Les activités socio-économiques ont été fortement perturbées ce jeudi 14 mai 2026 dans la ville de Beni après un appel à une journée « ville morte » lancé par des mouvements citoyens et groupes de pression.
Cette mobilisation visait à dénoncer l’insécurité persistante dans la région ainsi que les massacres attribués aux rebelles ADF.
Dans plusieurs quartiers, des jeunes ont érigé des barricades tandis que des coups de feu ont été entendus, provoquant des mouvements de panique au sein de la population. Les services de sécurité sont intervenus pour tenter de rétablir l’ordre et plusieurs jeunes ont été interpellés.
La paralysie a été visible dans plusieurs secteurs de la ville. Dans les marchés et centres commerciaux, boutiques et magasins sont restés fermés durant une grande partie de la journée.
Les rues habituellement animées ont connu une faible circulation et les activités scolaires ont également été perturbées dans plusieurs établissements, certains parents préférant garder leurs enfants à domicile par mesure de prudence.
Selon les autorités locales, ces actions avaient pour objectif de perturber l’ordre public.

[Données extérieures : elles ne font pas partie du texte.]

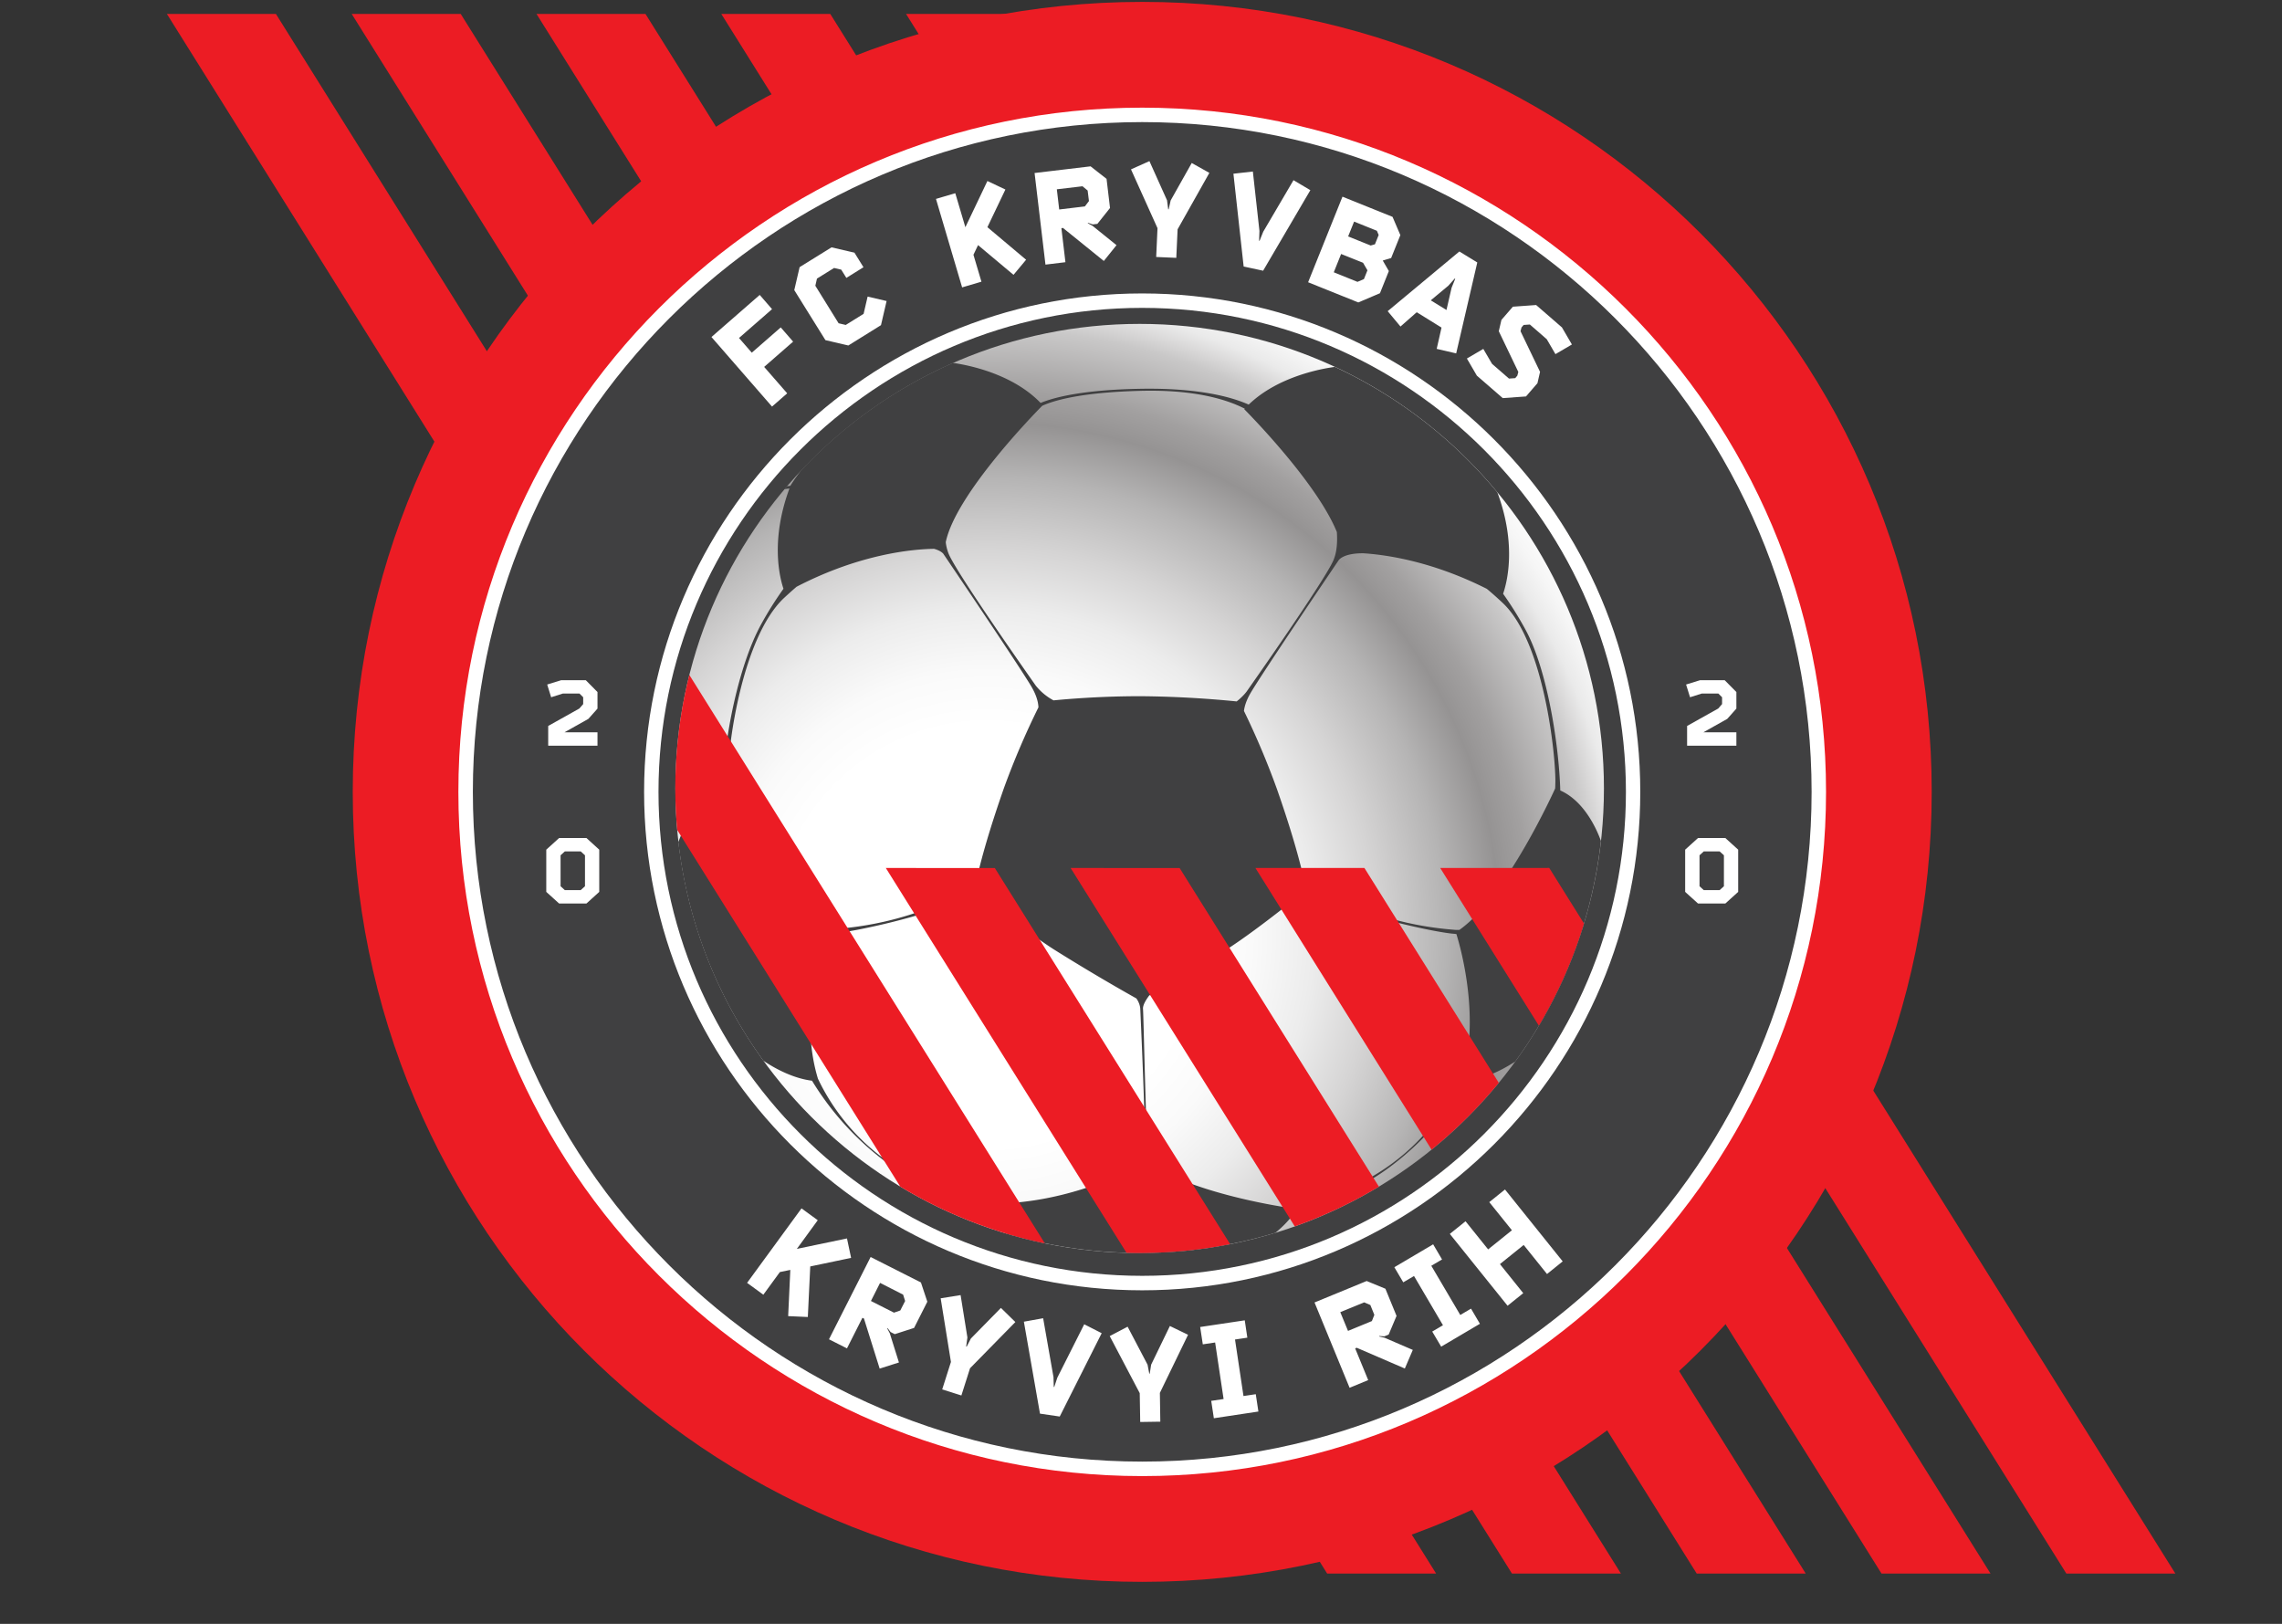 <svg xmlns="http://www.w3.org/2000/svg" width="52" height="37" fill="none"><rect width="100%" height="100%" fill="#333333" stroke="none"/><path fill="#EC1C24" d="M28.514 35.854h-2.483L3.803.317h2.484zm4.211 0h-2.483L8.014.317h2.484zm4.211 0h-2.483L12.225.317h2.483zm4.211 0h-2.484L16.436.317h2.483zm4.211 0h-2.484L20.646.317h2.484zm4.212 0h-2.484L24.858.317h2.484z"/><path fill="#EC1C24" d="M26.028 36.043c9.936 0 17.99-8.059 17.99-18 0-9.94-8.054-18-17.99-18s-17.99 8.059-17.99 18 8.054 18 17.99 18"/><path fill="#404041" d="M26.028 33.468c8.515 0 15.417-6.906 15.417-15.425 0-8.518-6.902-15.426-15.417-15.426S10.61 9.523 10.61 18.043s6.904 15.425 15.418 15.425"/><path fill="url(#a)" d="M25.969 28.55c5.843 0 10.58-4.739 10.58-10.585S31.812 7.38 25.97 7.38s-10.58 4.739-10.58 10.585 4.737 10.586 10.58 10.586"/><path fill="#404041" d="M36.48 19.161c-.077-.218-.36-.9-.926-1.15-.027-.99-.285-2.734-.793-3.665a8 8 0 0 0-.51-.817c.086-.247.317-1.107-.131-2.312-1-1.208-2.264-2.19-3.702-2.857-.249.032-1.284.202-1.964.859-.378-.169-1.133-.386-2.487-.36-1.304.024-1.953.197-2.255.322-.658-.684-1.705-.872-1.997-.912a10.6 10.6 0 0 0-3.456 2.445c-.168.217-.246.35-.246.35v.004l-.083.012-.055.065q.071-.01.114-.014c-.433 1.17-.227 2.013-.136 2.284a8 8 0 0 0-.51.812c-.52.948-.843 2.625-.863 3.604q-.001.08-.005.149c-.634.223-.94.991-1.013 1.198l-.007-.008c.21 1.854.898 3.562 1.94 4.999.51.34.906.431 1.108.455a6.6 6.6 0 0 0 1.686 1.854c.848.635 1.824.926 2.38 1.05.043.122.145.338.376.582.958.285 1.973.439 3.023.439s2.116-.161 3.095-.46c.17-.139.337-.307.465-.508.57-.148 1.409-.44 2.148-.995a6.55 6.55 0 0 0 1.747-1.96c.19-.018.586-.101 1.103-.438a10.5 10.5 0 0 0 1.954-5.027m-10.324 7.11c-.038-.307-.097-3.118-.11-3.277-.01-.09.07-.216.14-.31a42 42 0 0 0 1.784-1.062c.553-.358 1.28-.931 1.611-1.198a.1.1 0 0 0 .062 0c.26-.073.614.083.614.083.926.417 2.53.75 2.884.77l.046.006c.083.265.524 1.792.168 3.155l-.04.046s-.417 1.21-1.698 2.101c-.791.552-1.662.818-2.211.941-.492-.074-2.134-.356-3.18-.975a1 1 0 0 1-.07-.282zm-7.435-4.831a.45.45 0 0 1 .333-.182c.354-.02 1.957-.354 2.884-.77 0 0 .195-.087.403-.1.306.246 1.078.86 1.658 1.235a45 45 0 0 0 1.895 1.126c.091.127.09.245.09.245s.131 2.868.103 3.243c-.013.173-.068.27-.125.323-.439.232-1.821.886-3.421.864l.002.014c-.542-.114-1.46-.38-2.293-.958a4.87 4.87 0 0 1-1.611-1.9c-.377-1.228-.058-2.633.082-3.14m2.779-8.815s1.749 2.582 2.009 3.03c.113.196.15.35.154.462a18 18 0 0 0-.79 1.85c-.512 1.463-.644 2.18-.663 2.295q-.133.083-.346.163c-.673.252-1.483.64-2.841.743a1.04 1.04 0 0 1-.49-.107c-.778-.666-1.545-2.122-1.862-2.771-.021-.05-.065-.214-.074-.688-.01-.614.323-3.093 1.27-3.978q.157-.146.285-.255c1.443-.748 2.638-.856 3.132-.864.17.046.216.119.216.119m8.89.13c-.181.448-1.988 3.01-1.988 3.01s-.082.11-.222.218a24 24 0 0 0-2.196-.119c-.863 0-1.597.058-1.977.095a1.3 1.3 0 0 1-.404-.335s-1.808-2.561-1.988-3.01a1 1 0 0 1-.064-.26c.225-1.091 2.03-2.938 2.198-3.107.302-.137.93-.305 2.22-.34 1.241-.035 1.98.193 2.395.406q-.005.007-.011.012s1.64 1.64 2.11 2.799c.014.21.004.443-.073.63m5.051 5.084q0 .068-.004.129s-1.11 2.469-2.182 3.222h-.084c-1.358-.103-2.168-.491-2.842-.744-.355-.133-.53-.277-.614-.393-.07-.323-.24-.998-.622-2.085a18 18 0 0 0-.747-1.767c.013-.105.053-.24.149-.405.26-.448 2.01-3.03 2.01-3.03s.102-.164.57-.157c.573.039 1.598.201 2.805.81q.157.129.362.321c.945.888 1.212 3.485 1.2 4.1"/><path fill="#EC1C24" d="m23.808 28.329-8.1-12.95a10.6 10.6 0 0 0-.277 3.53l5.084 8.129a10.5 10.5 0 0 0 3.293 1.291m-3.623-8.552 5.485 8.769q.15.004.299.004 1.06-.002 2.062-.202l-5.362-8.57zm4.211 0 5.108 8.167a10.6 10.6 0 0 0 1.917-.906l-4.541-7.26zm4.211 0 4.014 6.418c.56-.455 1.074-.965 1.532-1.523l-3.062-4.895zm4.211 0 2.248 3.593a10.5 10.5 0 0 0 1.028-2.328l-.791-1.266z"/><path fill="#fff" d="M26.027 29.4c-6.258 0-11.35-5.095-11.35-11.357s5.092-11.357 11.35-11.357 11.35 5.095 11.35 11.357S32.285 29.4 26.027 29.4m0-22.385c-6.077 0-11.022 4.948-11.022 11.028S19.95 29.07 26.028 29.07 37.05 24.124 37.05 18.043 32.105 7.015 26.027 7.015"/><path fill="#fff" d="M26.027 33.633c-8.592 0-15.582-6.994-15.582-15.59s6.99-15.59 15.582-15.59S41.61 9.447 41.61 18.043s-6.99 15.59-15.582 15.59m0-30.851c-8.41 0-15.253 6.846-15.253 15.261s6.843 15.26 15.253 15.26 15.253-6.845 15.253-15.26S34.438 2.782 26.027 2.782"/><path fill="#fff" d="m16.212 7.679 1.1-.959.281.324-.753.657.291.335.66-.576.282.324-.66.576.525.602-.346.302zm3.558-.921.433.101-.128.55-.744.463-.522-.122-.71-1.14.122-.523.727-.451.522.121.206.332-.39.243-.117-.188-.163-.038-.39.242-.037.163.53.855.163.038.407-.253.091-.391zm3.612-.84-.287.344-.808-.677-.105.22.182.613-.44.13-.596-2.016.44-.13.23.775.502-1.053.41.194-.41.858zm2.06-.332-.289.36-.93-.752-.037.004.092.776-.455.055-.248-2.087 1.276-.152.364.285.079.664-.288.362-.106.012-.108-.037-.005.01.111.061zm-1.36-1.273.054.46.585-.07.093-.122-.03-.24-.117-.097zm2.752.912-.03.65-.458-.02.03-.656-.604-1.34.42-.188.401.892.027.206h.011l.045-.202.48-.853.402.225zm1.505.847-.233-2.114.443-.05.15 1.354-.008.222.011.003.083-.207.69-1.175.384.228-1.076 1.835-.446-.096zm3.309.103-.203.506-.493.21-1.144-.46.783-1.95 1.141.46.178.416-.21.522-.191.057.139.24zm-.588-.188-.5-.2-.167.417.54.218.147-.063.08-.2zm-.34-.6.514.207.097-.028.085-.212-.041-.096-.519-.209zm2.943.593-.481 2.072-.444-.103.11-.485-.565-.35-.37.326-.292-.35 1.634-1.36zm-.586.578.083-.206-.01-.007-.148.166-.399.332.358.22zm1.397.43.53-.038.588.51.227.389-.375.22-.198-.34-.385-.335-.142.01-.048.056-.023.086.445.927-.059.258-.261.302-.53.038-.59-.512-.227-.39.374-.219.199.34.386.336.142-.01.048-.056.023-.085-.445-.928.06-.258zm-16.066 23.02-.448-.02.049-1.053-.238.049-.377.516-.37-.27 1.24-1.697.37.27-.476.653 1.142-.238.094.443-.931.195zm2.076 1.036-.439.14-.358-1.141-.035-.017-.352.697-.41-.207.949-1.875 1.146.58.146.439-.302.597-.44.142-.095-.048-.07-.091-.009.005.06.113zm-.43-1.813-.208.412.525.266.144-.05.11-.216-.046-.145zm2.05 1.945-.197.62-.437-.138.199-.626-.234-1.45.454-.073.155.965-.028.206.012.003.095-.184.685-.698.329.322zm1.594 1.034-.367-2.095.439-.079.236 1.343.006.222.011.002.07-.212.613-1.217.398.203-.956 1.899zm2.732-.469.01.652-.458.007-.011-.657-.684-1.3.408-.214.454.865.039.204h.011l.032-.204.427-.881.414.2-.644 1.328zm1.23.574-.06-.396.282-.042-.193-1.288-.281.042-.06-.395 1.016-.152.059.395-.281.042.193 1.288.28-.042.06.395zm4.533-1.556-.181.423-1.096-.473-.036.014.297.723-.424.175-.799-1.944 1.188-.489.427.176.254.619-.18.426-.099.04-.115-.008-.002.011.124.029.642.277m-1.652-.86.176.427.544-.224.056-.142-.091-.224-.141-.06zm2.299.786-.204-.344.245-.144-.66-1.122-.245.144-.203-.344.884-.522.203.345-.245.144.66 1.121.245-.144.203.345zm1.096-3.293.358-.288 1.315 1.638-.357.288-.532-.662-.541.436.531.662-.357.287-1.316-1.637.358-.288.515.641.542-.436zM13.201 16.144l.088-.101v-.156l-.084-.084h-.38l-.266.084-.09-.29.317-.098h.563l.266.269v.378l-.208.234-.545.306h.753v.305h-1.123v-.45zm.163 2.951.291.265v.962l-.291.264h-.624l-.292-.264v-.962l.292-.265zm-.13.305h-.364l-.096.088v.705l.096.088h.363l.097-.088v-.705zm25.919-3.256.088-.101v-.156l-.084-.084h-.38l-.266.084-.09-.29.317-.098h.563l.266.269v.378l-.208.234-.545.306h.753v.305h-1.123v-.45zm.163 2.951.292.265v.962l-.292.264h-.624l-.292-.264v-.962l.292-.265zm-.13.305h-.363l-.096.088v.705l.096.088h.363l.097-.088v-.705z"/><defs><radialGradient id="a" cx="0" cy="0" r="1" gradientTransform="matrix(17.727 0 0 17.736 22.497 21.317)" gradientUnits="userSpaceOnUse"><stop offset=".27" stop-color="#fff"/><stop offset=".34" stop-color="#FAFAFA"/><stop offset=".42" stop-color="#ECECEC"/><stop offset=".5" stop-color="#D5D4D4"/><stop offset=".59" stop-color="#B5B4B4"/><stop offset=".66" stop-color="#959393"/><stop offset=".7" stop-color="#A2A0A0"/><stop offset=".78" stop-color="#C9C8C8"/><stop offset=".8" stop-color="#DAD9D9"/><stop offset=".82" stop-color="#EAEAEA"/><stop offset=".85" stop-color="#F6F6F6"/><stop offset=".88" stop-color="#FDFDFD"/><stop offset=".99" stop-color="#fff"/></radialGradient></defs></svg>

Réagissant à cette situation, le maire policier de Beni, le commissaire supérieur principal Nyofondo Te Kodale Jacob, a remercié la population pour son « sens élevé de responsabilité », estimant que la majorité des habitants n’a pas suivi l’appel à la journée ville morte. Il a aussi félicité les forces de sécurité pour leur professionnalisme dans le maintien de l’ordre public.
Le maire a par ailleurs annoncé que les personnes interpellées seront mises à la disposition des juridictions compétentes afin que la loi soit appliquée. Il a également indiqué que des enquêtes se poursuivent pour identifier les organisateurs des troubles.
Tout en appelant au calme, l’autorité urbaine a invité la population à poursuivre normalement ses activités, rassurant que la situation sécuritaire reste sous contrôle dans la ville de Beni.